→ **Exercise details**:
Your reply should be an exact copy of the lines from the one that holds "Character: 卜" to the end of the data below.

Records from a collection

▼▼▼

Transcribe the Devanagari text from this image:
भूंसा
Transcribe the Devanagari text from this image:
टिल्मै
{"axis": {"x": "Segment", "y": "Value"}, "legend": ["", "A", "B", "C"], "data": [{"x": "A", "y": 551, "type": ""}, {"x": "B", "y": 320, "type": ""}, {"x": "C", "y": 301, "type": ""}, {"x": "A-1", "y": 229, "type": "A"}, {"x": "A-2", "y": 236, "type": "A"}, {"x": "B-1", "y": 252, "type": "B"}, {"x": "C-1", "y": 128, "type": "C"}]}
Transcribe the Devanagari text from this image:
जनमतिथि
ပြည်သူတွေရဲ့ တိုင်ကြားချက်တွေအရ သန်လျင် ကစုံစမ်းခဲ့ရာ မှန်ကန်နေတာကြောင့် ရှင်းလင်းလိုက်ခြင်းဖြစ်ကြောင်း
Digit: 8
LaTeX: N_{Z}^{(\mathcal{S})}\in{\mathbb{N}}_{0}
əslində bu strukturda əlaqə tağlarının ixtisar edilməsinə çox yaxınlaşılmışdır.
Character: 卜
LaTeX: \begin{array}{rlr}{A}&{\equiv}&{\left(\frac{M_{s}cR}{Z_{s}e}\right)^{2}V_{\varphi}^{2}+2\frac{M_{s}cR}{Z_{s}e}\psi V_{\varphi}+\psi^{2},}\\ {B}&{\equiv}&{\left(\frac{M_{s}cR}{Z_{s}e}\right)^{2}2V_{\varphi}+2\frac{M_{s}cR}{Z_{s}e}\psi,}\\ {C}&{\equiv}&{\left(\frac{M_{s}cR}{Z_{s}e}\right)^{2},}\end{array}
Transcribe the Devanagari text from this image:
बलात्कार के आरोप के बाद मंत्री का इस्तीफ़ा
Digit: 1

▲▲▲

→ **Reply to the exercise**:
Character: 卜
LaTeX: \begin{array}{rlr}{A}&{\equiv}&{\left(\frac{M_{s}cR}{Z_{s}e}\right)^{2}V_{\varphi}^{2}+2\frac{M_{s}cR}{Z_{s}e}\psi V_{\varphi}+\psi^{2},}\\ {B}&{\equiv}&{\left(\frac{M_{s}cR}{Z_{s}e}\right)^{2}2V_{\varphi}+2\frac{M_{s}cR}{Z_{s}e}\psi,}\\ {C}&{\equiv}&{\left(\frac{M_{s}cR}{Z_{s}e}\right)^{2},}\end{array}
Transcribe the Devanagari text from this image:
बलात्कार के आरोप के बाद मंत्री का इस्तीफ़ा
Digit: 1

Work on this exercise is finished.